The sun was only a rumor of light on the horizon, yet traffic was still heavy by the time I left Orono and got back onto I-394. I didn’t want to deal with it. I was angry with Teachwell, I was upset that I had brought grief to the Dunston family, my back ached, my ankle throbbed, plus I had three loaded guns in my vehicle—and while I had never succumbed to road rage in the past, I figured all the components were there. Instead of taking the risk, I stopped at Shelley’s Woodroast to have a drink and immediately felt guilty about it. Lately, whenever I caught myself having a good time in an establishment other than Rickie’s, I felt like I was cheating. Certainly I would have preferred driving to Rickie’s and letting Nina buy me a drink, and dinner, too, for that matter. Only I knew there could be assassins lurking in her parking lot, waiting for me to show myself. That wasn’t going to change until Teachwell was in custody and I had another chat with DuWayne.
I decided to call Nina and ask her to join me, if not at Shelley’s, then at any other restaurant she fancied. Perhaps I could convince her to return to the St. Paul Hotel with me. It had a great restaurant, not to mention room service—nudge, nudge, wink, wink. Unfortunately, I didn’t remember the actual phone number for Rickie’s—on my old cell it was number 5. I needed directory assistance to place the call. I asked for Nina. Jenness Crawford, her assistant manager, said that Nina had left to meet with her insurance agent and then she was going to make a quick stop at home.
“I expected her back by now,” Jenness said.
I thanked her and hung up. Only then did I realize that I hadn’t memorized Nina’s home or cell numbers, either. For the past two years I had merely dialed 3 or 4. Directory assistance wasn’t going to help; both numbers were unlisted. I was about to call Jenness again when my cell rang. The display screen identified the caller.
“Hey, Nina, I was just about to give you a shout,” I said.
“McKenzie, this is Nina.”
“Yes, I know.”
“Nina Truhler. You remember.”
“Of course I remember. Your voice sounds funny. What’s wrong?”
“Can you meet me at my house?”
“Sure.”
“Can you meet me right now?”
“Nina…?”
“My house is in Mahtomedi. Do you have the address?”
“I’m coming, Nina.”
I was speeding east on I-394, weaving through traffic with one hand on the wheel. My other hand was pressing my cell phone against my ear.
“Nina’s in trouble,” I told Schroeder. “Where the hell are your people?”
“Hang on.”
A few moments later, Schroeder was back on the line.
“I can’t reach my operative,” he said. “Where are you?”
I told him.
“Pick me up.”
From the redwood deck on the back of Nina’s house, you could easily see the eastern shore of White Bear Lake, about twenty minutes northeast of St. Paul. During the day it’s busy with every surface craft you can imagine, and at night lights from the homes along the shoreline and the few boats still prowling the water twinkle like stars. Except in Nina’s house. Not a single light burned anywhere inside. Which was wrong. Nina always kept a light on.

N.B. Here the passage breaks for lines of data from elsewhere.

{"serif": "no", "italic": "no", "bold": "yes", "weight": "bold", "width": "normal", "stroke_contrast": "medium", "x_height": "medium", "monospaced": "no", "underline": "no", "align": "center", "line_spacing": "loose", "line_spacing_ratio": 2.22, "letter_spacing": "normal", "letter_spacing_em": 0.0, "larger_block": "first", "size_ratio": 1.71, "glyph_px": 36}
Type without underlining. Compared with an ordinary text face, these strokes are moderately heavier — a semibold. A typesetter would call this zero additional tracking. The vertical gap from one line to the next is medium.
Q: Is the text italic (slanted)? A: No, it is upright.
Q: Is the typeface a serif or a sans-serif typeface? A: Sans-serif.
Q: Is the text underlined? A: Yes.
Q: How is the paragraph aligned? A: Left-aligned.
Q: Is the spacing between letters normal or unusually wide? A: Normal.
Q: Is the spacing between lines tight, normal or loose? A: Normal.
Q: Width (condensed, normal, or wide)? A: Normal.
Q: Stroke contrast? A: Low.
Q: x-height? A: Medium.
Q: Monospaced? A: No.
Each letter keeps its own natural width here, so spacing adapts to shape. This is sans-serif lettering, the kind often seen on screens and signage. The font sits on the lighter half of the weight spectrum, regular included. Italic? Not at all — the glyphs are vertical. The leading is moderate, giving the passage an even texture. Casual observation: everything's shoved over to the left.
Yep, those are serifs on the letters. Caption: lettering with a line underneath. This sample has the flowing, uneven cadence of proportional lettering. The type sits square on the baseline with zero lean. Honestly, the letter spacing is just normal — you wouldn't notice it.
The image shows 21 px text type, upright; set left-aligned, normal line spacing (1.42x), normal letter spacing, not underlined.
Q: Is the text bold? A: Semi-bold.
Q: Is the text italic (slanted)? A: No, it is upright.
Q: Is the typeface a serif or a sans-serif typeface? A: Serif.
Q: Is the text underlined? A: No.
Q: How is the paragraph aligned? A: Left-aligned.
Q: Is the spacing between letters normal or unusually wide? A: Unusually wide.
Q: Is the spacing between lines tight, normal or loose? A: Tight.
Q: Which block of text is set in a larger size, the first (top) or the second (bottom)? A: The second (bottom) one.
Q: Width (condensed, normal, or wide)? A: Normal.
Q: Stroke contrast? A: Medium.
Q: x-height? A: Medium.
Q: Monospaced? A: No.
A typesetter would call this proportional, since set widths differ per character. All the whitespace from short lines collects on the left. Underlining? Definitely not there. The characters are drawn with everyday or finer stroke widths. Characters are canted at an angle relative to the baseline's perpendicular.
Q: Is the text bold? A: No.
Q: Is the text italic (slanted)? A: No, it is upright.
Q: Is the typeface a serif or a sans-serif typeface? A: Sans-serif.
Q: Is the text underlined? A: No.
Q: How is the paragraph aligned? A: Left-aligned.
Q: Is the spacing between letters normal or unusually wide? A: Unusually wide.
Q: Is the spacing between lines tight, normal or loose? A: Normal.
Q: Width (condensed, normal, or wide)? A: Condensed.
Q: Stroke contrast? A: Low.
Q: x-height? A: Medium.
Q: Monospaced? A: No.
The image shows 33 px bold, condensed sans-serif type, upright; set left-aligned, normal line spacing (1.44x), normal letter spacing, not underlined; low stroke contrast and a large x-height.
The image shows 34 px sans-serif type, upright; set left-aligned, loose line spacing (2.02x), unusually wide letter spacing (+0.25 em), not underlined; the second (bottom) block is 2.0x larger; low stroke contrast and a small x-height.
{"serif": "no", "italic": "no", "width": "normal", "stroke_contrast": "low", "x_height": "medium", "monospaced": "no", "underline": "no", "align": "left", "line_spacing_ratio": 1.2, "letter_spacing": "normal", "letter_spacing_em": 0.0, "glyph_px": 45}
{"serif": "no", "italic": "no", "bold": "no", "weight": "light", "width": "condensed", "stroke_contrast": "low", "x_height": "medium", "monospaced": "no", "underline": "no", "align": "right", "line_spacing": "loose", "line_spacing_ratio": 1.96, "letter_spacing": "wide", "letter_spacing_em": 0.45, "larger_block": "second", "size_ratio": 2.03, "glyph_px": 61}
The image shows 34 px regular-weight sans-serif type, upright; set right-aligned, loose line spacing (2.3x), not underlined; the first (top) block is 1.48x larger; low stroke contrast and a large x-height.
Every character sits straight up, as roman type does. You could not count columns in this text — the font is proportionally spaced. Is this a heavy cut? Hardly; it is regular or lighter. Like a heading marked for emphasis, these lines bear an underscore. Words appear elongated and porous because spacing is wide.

I approached the house from behind, cutting through her neighbor’s yard, slipping from one shadow into another. In the distance, I heard music that grew louder before stopping altogether, and a woman’s laugh, and somewhere a dog barked. The sounds came and went, people settling in for the evening; it was cool enough that most of their windows were closed. I knew Nina’s weren’t. She kept at least one open even in the winter. I stood beneath the window in a pool of black, my back against the wall of her house, and listened and heard nothing.
Nina had played it smart on the phone—of course I knew who she was, of course I knew her address. She was warning me. Teachwell was there, just as he had been in Joley Waddell’s house; he had forced her to call, just as he had forced Joley. I could hear it in her voice. Maybe I wouldn’t have if it hadn’t been for my experience in Highland Park, but there you go. Somebody should tell Teachwell that it’s not wise to call the same play twice in a row. I decided that that somebody ought to be me.